By NewsDesk @bactiman63
The Iceland Chief Epidemiologist (computer translated) now recommends vaccinating pregnant women for pertussis, or whooping cough. The vaccine is a combination vaccine with diphtheria and tetanus.
Vaccination should be free of charge for women, such as influenza vaccination during pregnancy.
Pertussis is quite common in Iceland, despite the fact that it is part of the general vaccinations.
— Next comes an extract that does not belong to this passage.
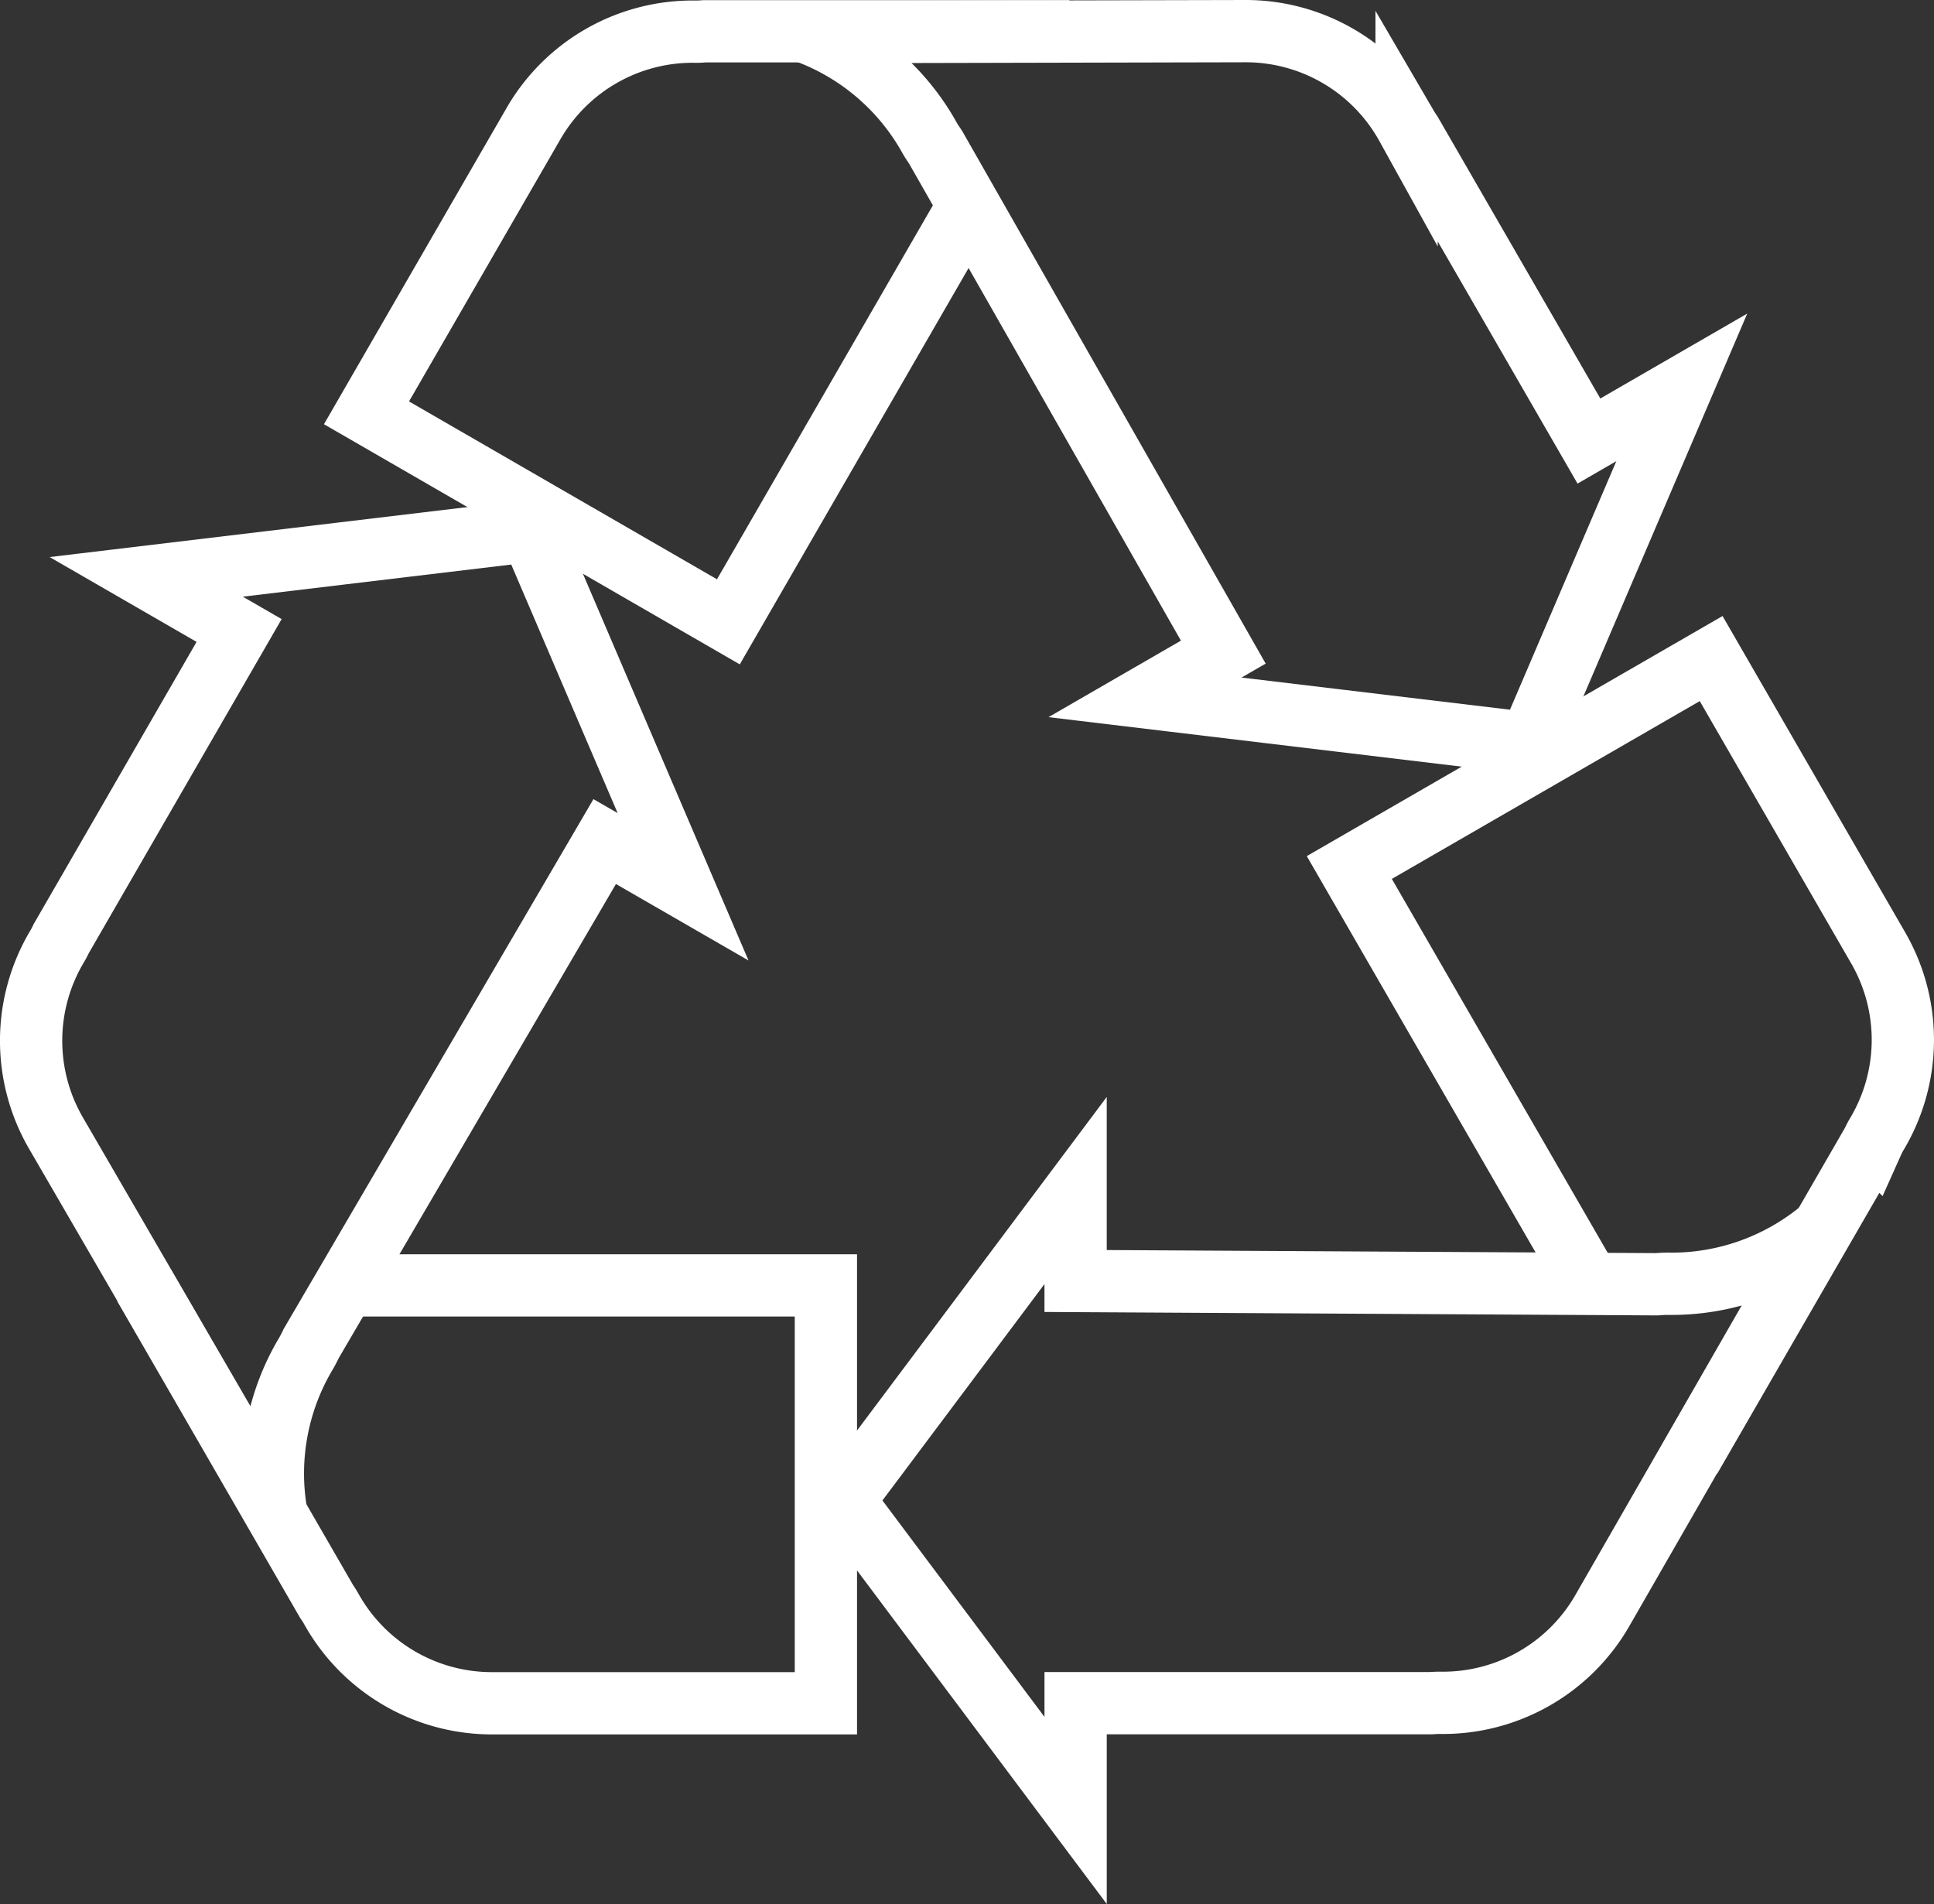 <?xml version="1.0" encoding="UTF-8"?> <svg xmlns="http://www.w3.org/2000/svg" width="217.408" height="214.016" viewBox="0 0 217.408 214.016"><rect x="0" y="0" width="217.408" height="214.016" fill="#333333" stroke="none"/><defs><style>.a{fill:none;stroke:#fff;stroke-width:7px;}</style></defs><g transform="translate(3.5 3.5)"><g transform="translate(12.698 0.017)"><path class="a" d="M122.914,790.321l20.507,35.51c.2.3.382.574.512.811a20.67,20.67,0,0,0,18.09,10.65h37.535V790.321H144.34" transform="translate(-122.914 -649.354)"></path><path class="a" d="M226.886,846.045l20.5-35.506a8.914,8.914,0,0,1,.44-.854A20.659,20.659,0,0,0,248,788.69l-18.769-32.507-40.676,23.486,26.185,45.351" transform="translate(-53.072 -685.675)"></path><path class="a" d="M214.035,722.021h-41c-.359.027-.691.047-.956.043A20.658,20.658,0,0,0,153.8,732.4l-18.772,32.507L175.709,788.4l27.355-47.378" transform="translate(-110.027 -722.021)"></path></g><path class="a" d="M190.049,789.236l-8.567-20-8.563-20.006-21.609,2.584L129.7,754.4l10.441,6.027-19.983,34.612c-.155.318-.305.617-.442.846a20.686,20.686,0,0,0-.184,21l24.78,42.7a26.3,26.3,0,0,1,3.379-17.938c.173-.3.365-.669.557-1.079l32.99-56.414Z" transform="translate(-116.762 -693.058)"></path><path class="a" d="M253.658,795.636c-.341,0-.764.019-1.209.056l-65.351-.367V785.153l-13.042,17.424L161.01,819.994l13.046,17.42L187.1,854.836V842.778H227.06c.353-.023.694-.039.96-.039a20.67,20.67,0,0,0,18.274-10.34l24.592-42.81A26.356,26.356,0,0,1,253.658,795.636Z" transform="translate(-69.685 -654.836)"></path><path class="a" d="M246.951,768.088,226.972,733.48c-.206-.3-.382-.58-.516-.809a20.673,20.673,0,0,0-18.095-10.658l-49.372.111a26.3,26.3,0,0,1,13.847,11.892c.165.3.4.65.658,1.024l32.356,56.775-8.8,5.083,21.607,2.588,21.605,2.588,8.563-20.012,8.565-20.006Z" transform="translate(-71.834 -722.013)"></path></g></svg>

It is diagnosed here to some extent for most years, but every two to five years.
For the past 10 years, children under the age of 6 months have been diagnosed with whooping cough the most, over half of them under the age of 3 months when they fell ill, including some who were seriously ill in hospital.
The last dose of pertussis vaccine administered in general vaccinations in Iceland is at the age of 14.
The currently used vaccine generally provides 5 to 10 years of protection and therefore most adults in Iceland are susceptible to infection and may carry the infection to newborns who have not themselves been vaccinated.
Chronic cough infection in older children and adults is usually in the form of a cold and a minor, indicating that a potentially dangerous infection is present, although often the typical cough attacks facilitate diagnosis. However, very young children may experience life-threatening respiratory arrest and severe coughing disorders which may wear them so that they require emergency care in the intensive care unit or the ward.
If a mother is vaccinated during the second or third trimester, she creates a protective antibody that moves the placenta to the baby from week 32 of pregnancy. The antibodies can protect a child from birth until about 6 months of age, with most children who have been vaccinated according to age group.